The panel spoke to the students through a Skype conversation. The wonderful world of technology brought their expertise live from New York to the TECO Theater, where students were able to ask questions after the discussion. One student asked about their most challenging experience...
“Miss Saigon always had me on the edge of my seat,” said Wolf, who served as stage manager for five years on the touring production. “I never fully felt comfortable calling the cues because so much could go wrong.”
Whether working on plays or elaborate Broadway musicals, the panel agreed that being responsible for a set and calling cues for a hit Broadway show can be a lot of pressure. But it also has its up side.
“Being a part of live theater is intoxicating,” said James Fitzsimmons, stage manager for the current production of Mrs. Warren’s Profession. “It takes many people to come together collectively for a show to work. You feed off other people’s energy.”
Another thing they all agreed on: whether you want to be an actor or behind-the-scenes, it’s important to become familiar with all aspects of theater work.
Wolf started as an actor. "As an actor, there are so many people fighting for the same roles.
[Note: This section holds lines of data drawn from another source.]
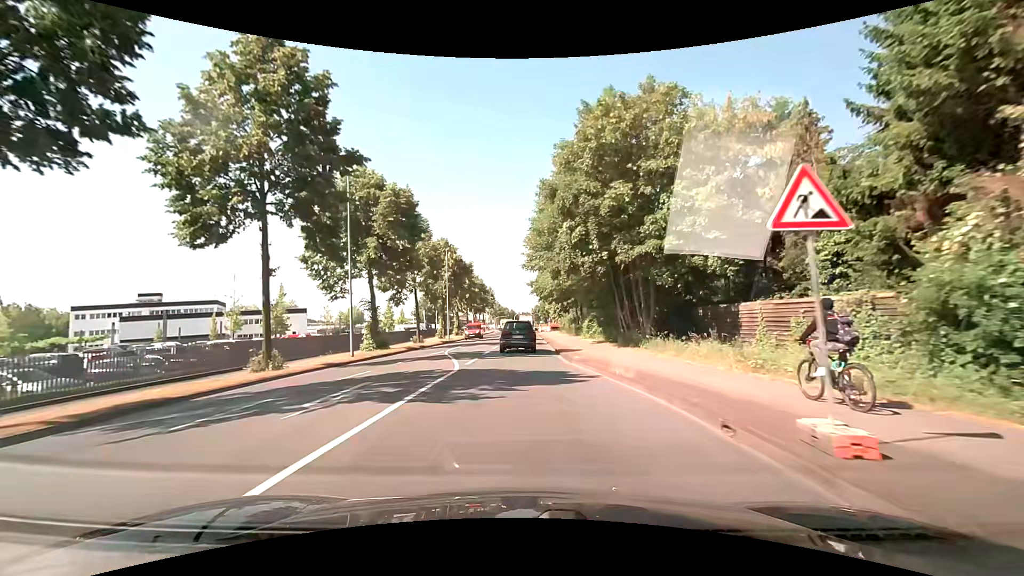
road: secondary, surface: asphalt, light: Day
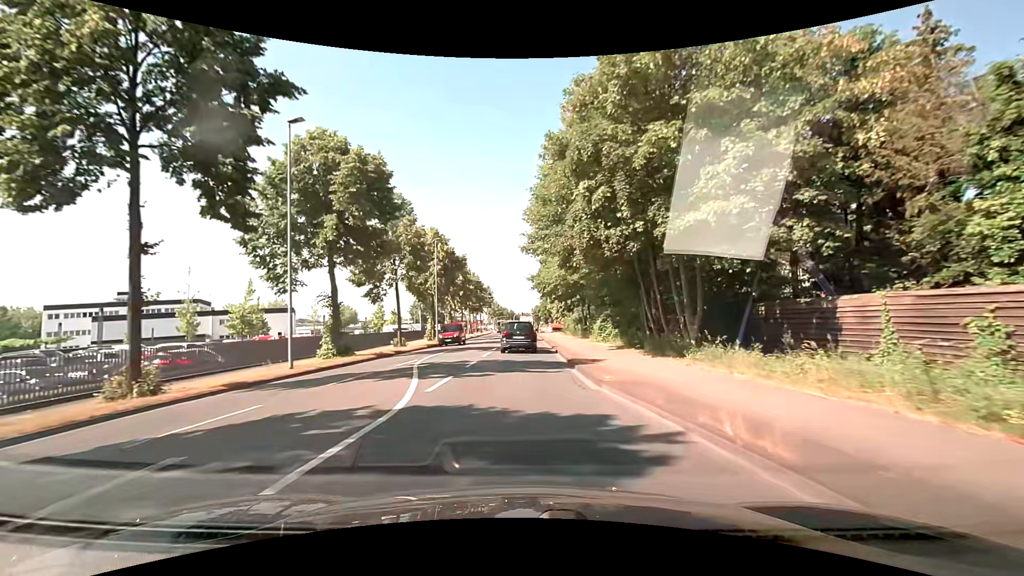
(0.0, +7.0) m; 0°
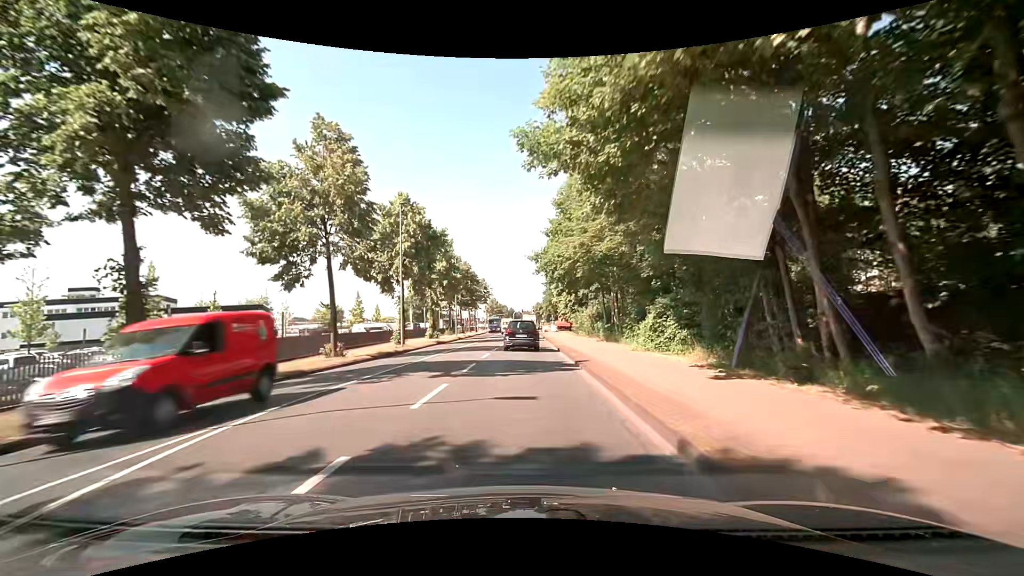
(-0.1, +14.4) m; 0°
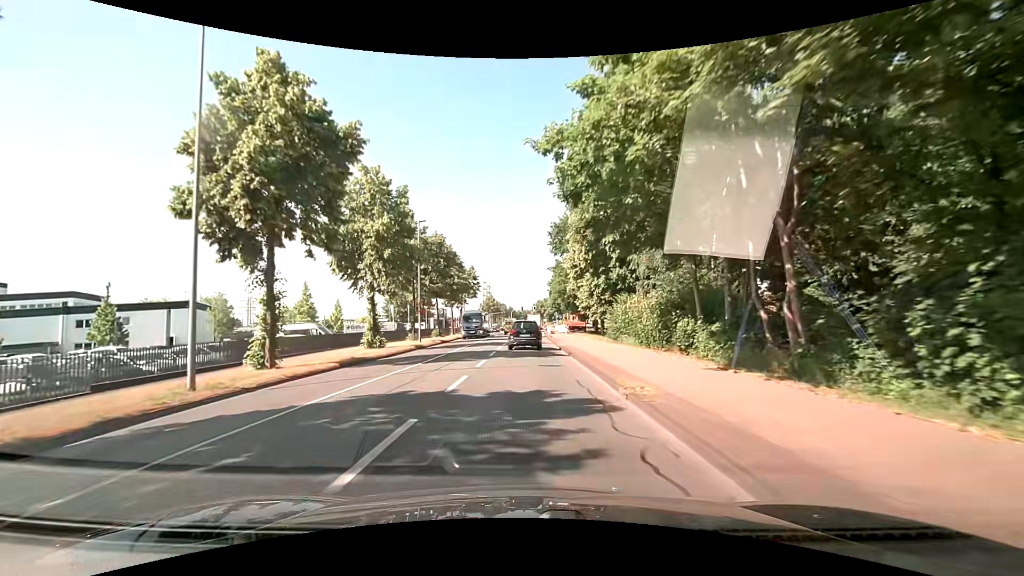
(0.0, +22.1) m; 0°
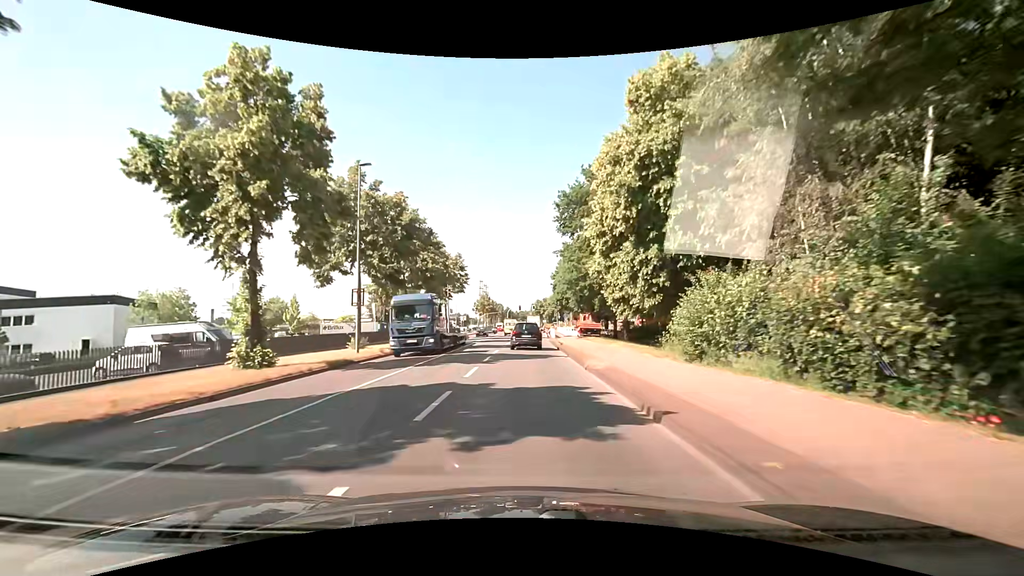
(+0.1, +15.0) m; 0°
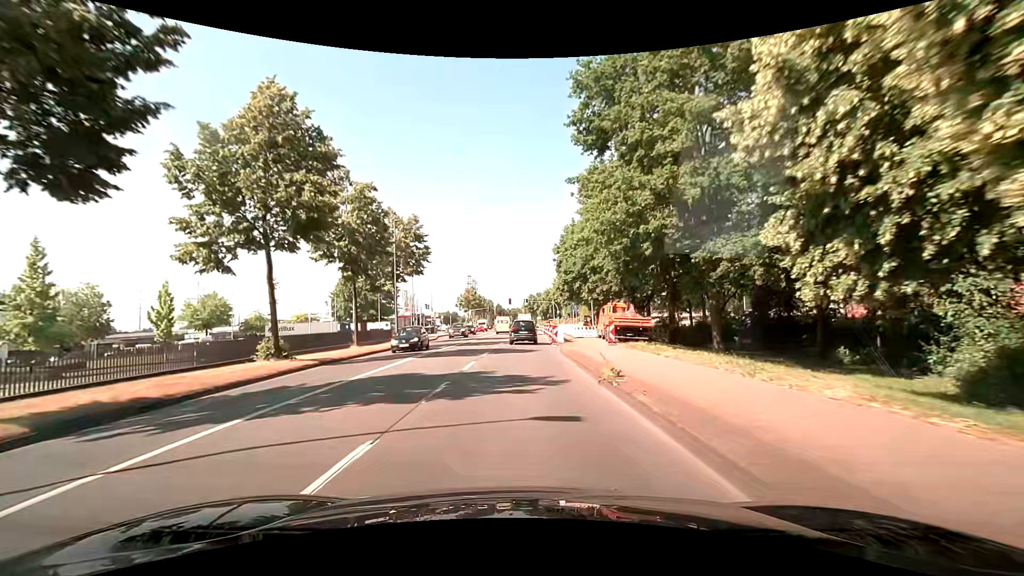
(+0.6, +22.6) m; +1°
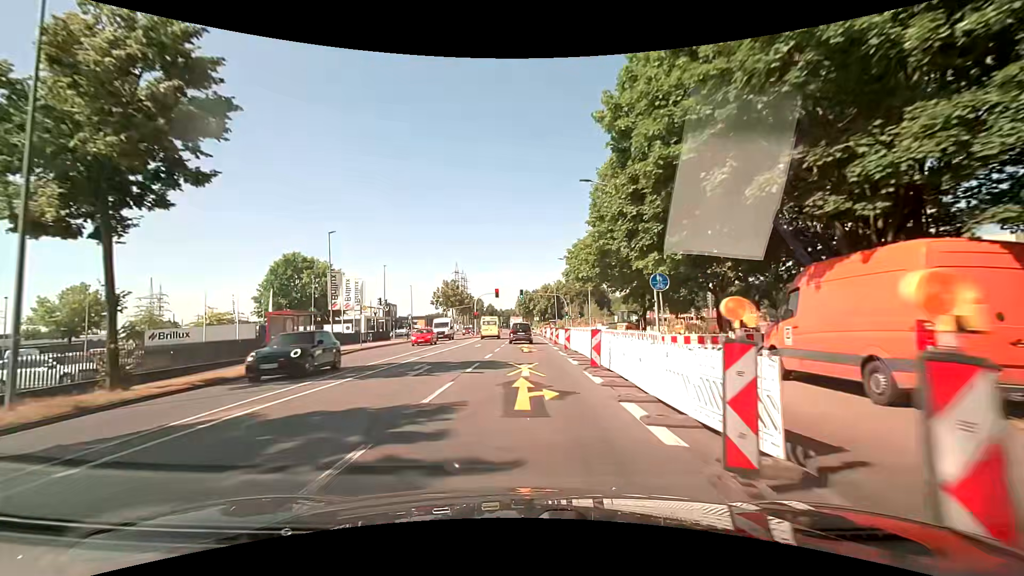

But if you have special skills, like organizational skills, you may be suited for another role."
He filled in once as a production assistant at a summer stock theater, and then consistently got called on for that role. "I realized it's the right fit for me," he said.
The collective advice from the panel members to anyone who wants to break into the business is to make an effort to learn as much as possible about the industry, including production.
James Fitzsimmons said he got his start working off Broadway as a production assistant. He fetched coffee and mopped floors.
A graduate of New York University, he said, “I went to school for lighting design. I didn’t know about the tons of different outlets that were available working in theater...administration, marketing, business.”
Pay your dues in community theater and summer stock theaters and explore all your options, they said.
“Don’t limit yourself to one area,” said Wolf. “Know about costumes, sets, do everything that you can.”